A link direct to the page URL on wayback machine (as pictured)
A list of what blacklisted keywords have appeared on the page.
Essentially we want to be able to see a screenshot of the entire page, and then a list of keywords that appear, so we can click to see a larger image of the screenshot and check that the blacklisted keywords were not by mistake.
This process will not be bulletproof and the tool will show false positives, which is to be expected. As an example we will want to filter any adult content, and will have a list of adult keywords in the blacklist, but for example a political or legal blog will mention certain words that will trigger a red flag. We will be able to manually vet that the domain is fine and not spammy though.
Currently we use [login to view URL] which gives us screenshots, but does not deliver the full length website screenshot, which is what we need. So you will need to locate and implement a full page length screenshot software.
It will be fine to show a square screenshot of the top of the page in the interface, to make it all look uniform, but then if you click the screenshot, it will load a full screen scrollable version. We can discuss specifics of this later to come.

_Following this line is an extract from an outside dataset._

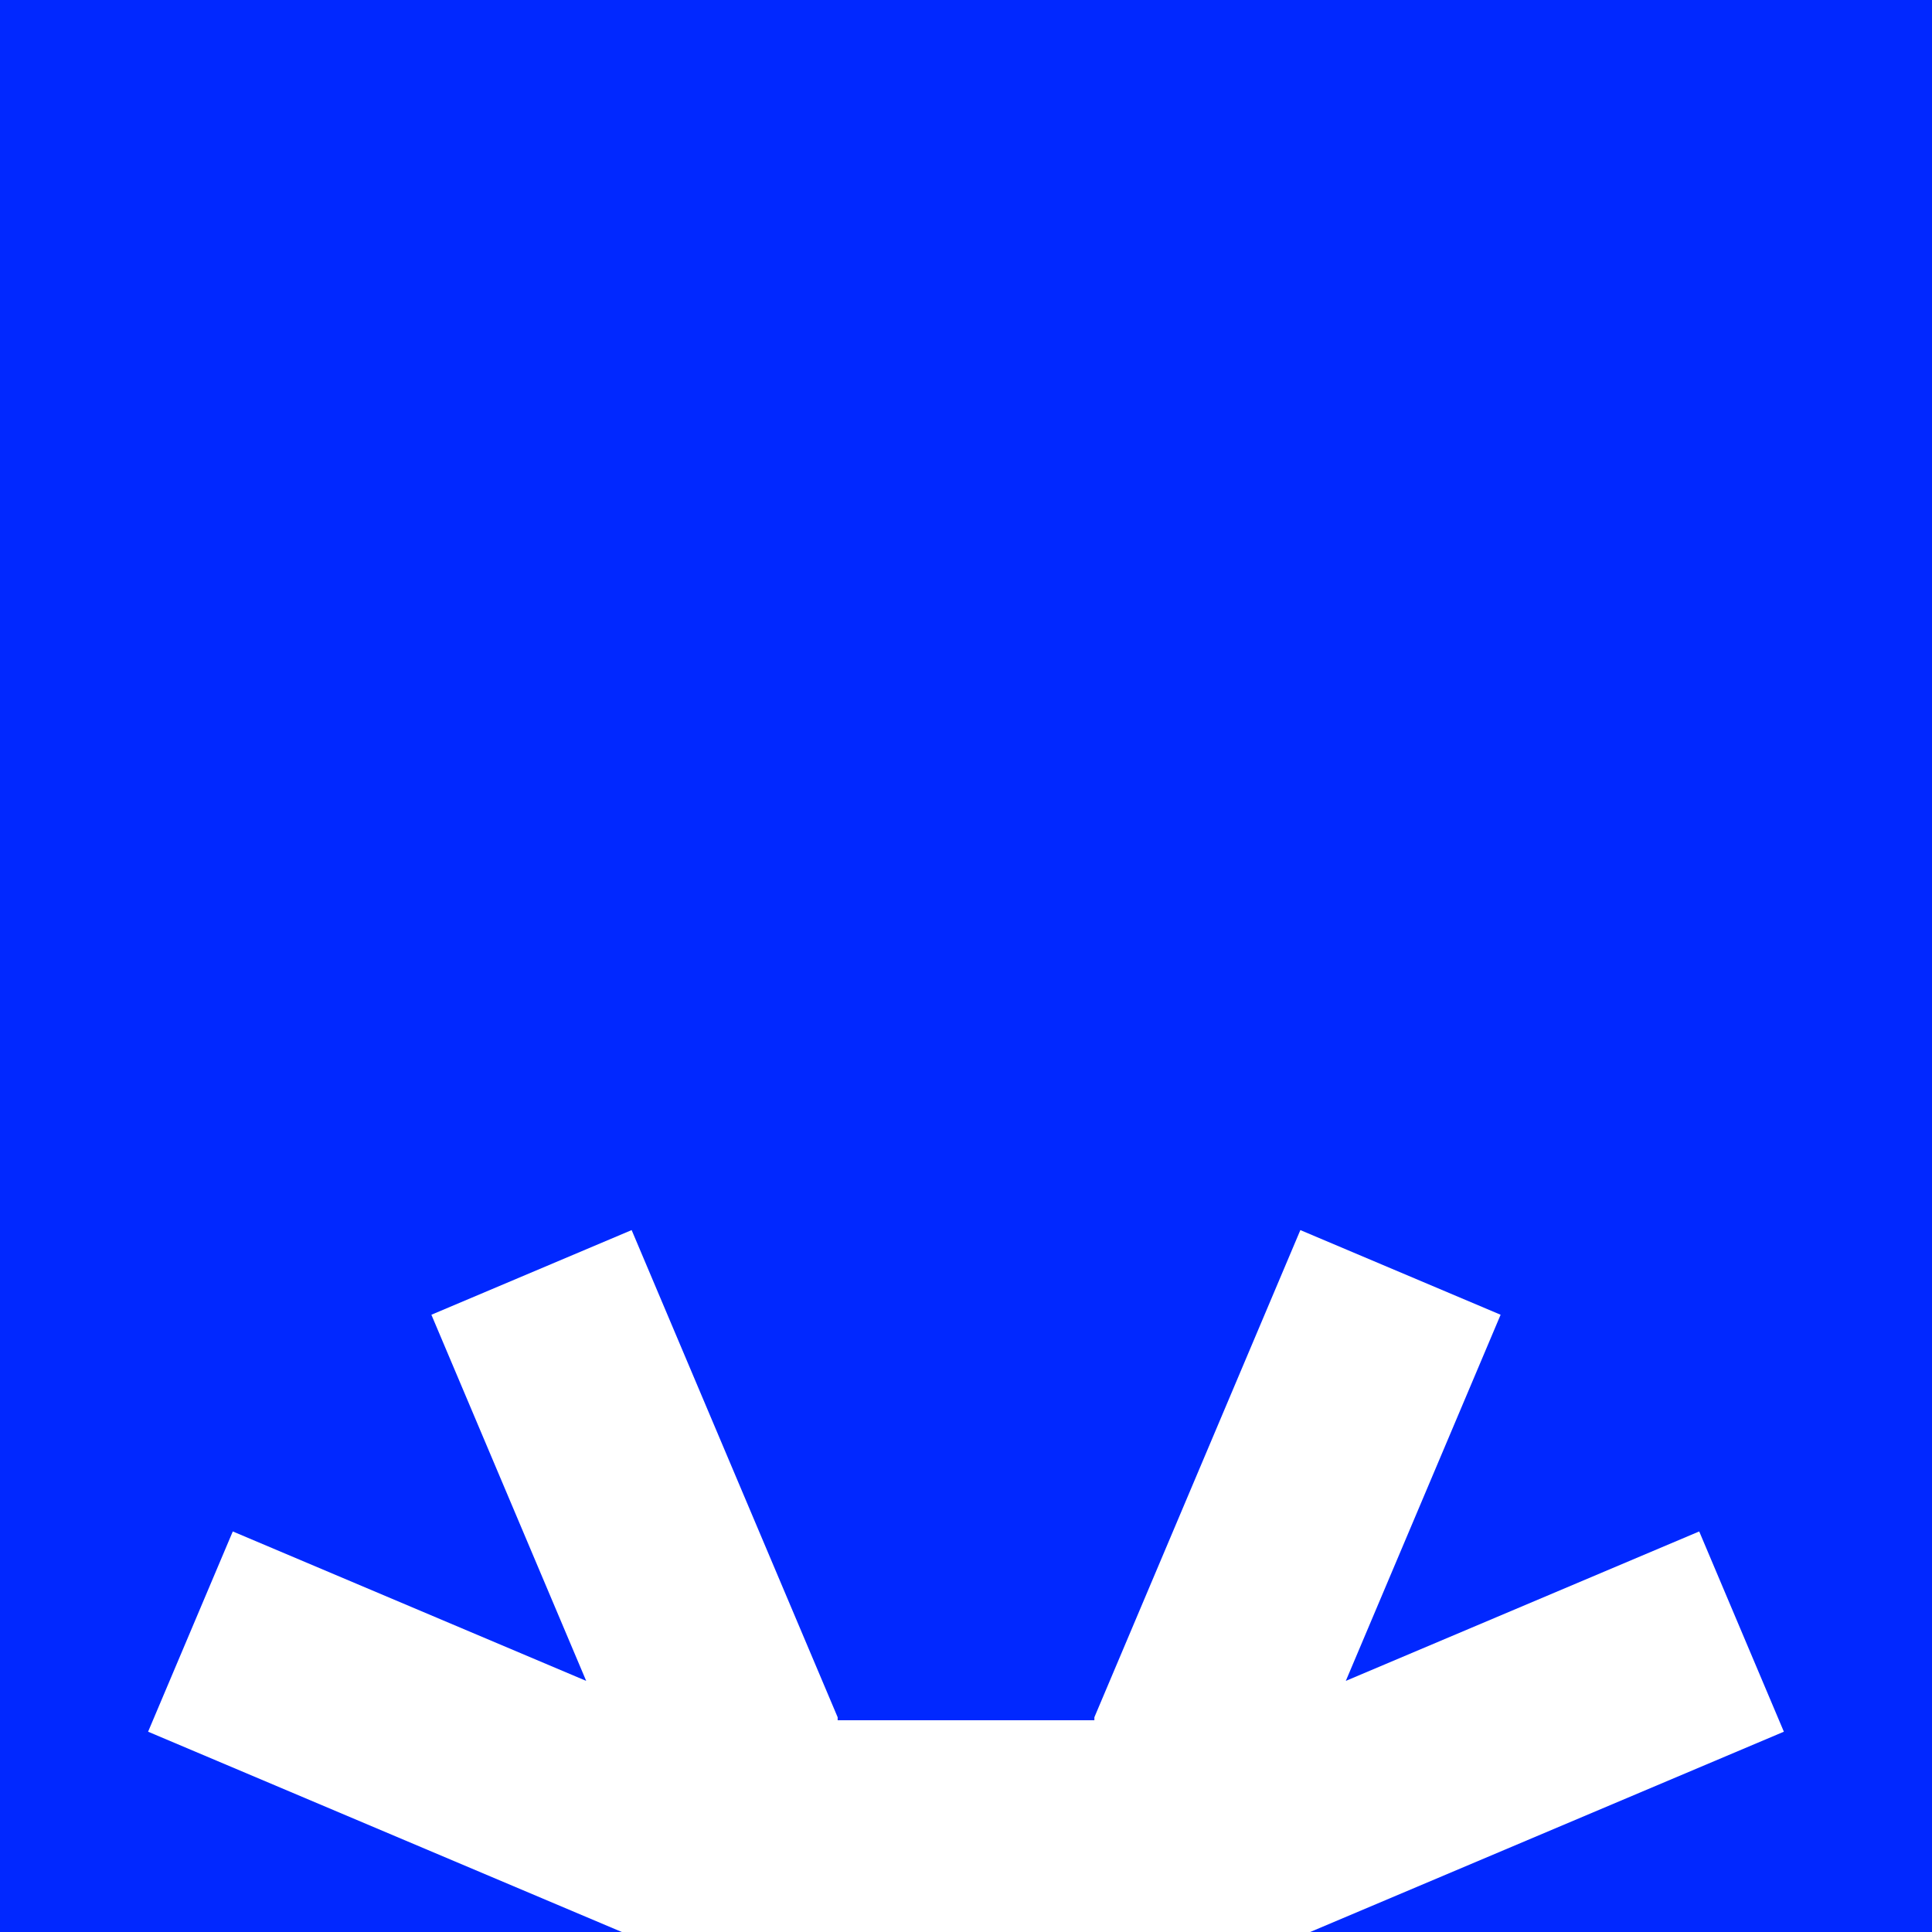 <svg width="49" height="49" viewBox="0 0 49 49" fill="none" xmlns="http://www.w3.org/2000/svg">
<path d="M0 0V49H15.771L3.756 43.92L5.904 38.841L14.867 42.631L10.941 33.345L16.02 31.198L21.245 43.554V43.63H27.756V43.554L32.98 31.198L38.059 33.345L34.133 42.631L43.096 38.841L45.243 43.92L33.229 49H49V0H0Z" fill="#0128FF"/>
</svg>

In the settings page we will want to be able to load in proxies, as well as an updateable blacklist keyword list.
So in summary, it’s a fairly simple process.
Import a list of domains
Process them all via wayback machine, scraping 1 capture per month per domain
Pull the plain text (not HTML) + a screenshot of each capture
Output the screenshot + link to direct page + list which blacklisted keywords show up
We need this to be reliable, strong tech that works great as a multi threaded process at speed.
We will provide whatever server/tech/hardware is necessary, speed is the utmost highest factor here.
Hi there,
I am scraping expert, I have did more than 500+ scraping project, please check my feedback then you will know.
Can we discuss more details about this project? then I will provide example data/script for you.
Thanks,
Lin
Hi there,I am Web Scraping expert from Bosnia & Herzegovina,Europe.
I have carefully gone through with your requirements and I would like to help you with this project ! I can start immediately and finish it within the agreed deadline.
Check out my profile and former clients feedback - that'll let you know everything about me.
Please feel free to initiate the chat so that we can discuss further details.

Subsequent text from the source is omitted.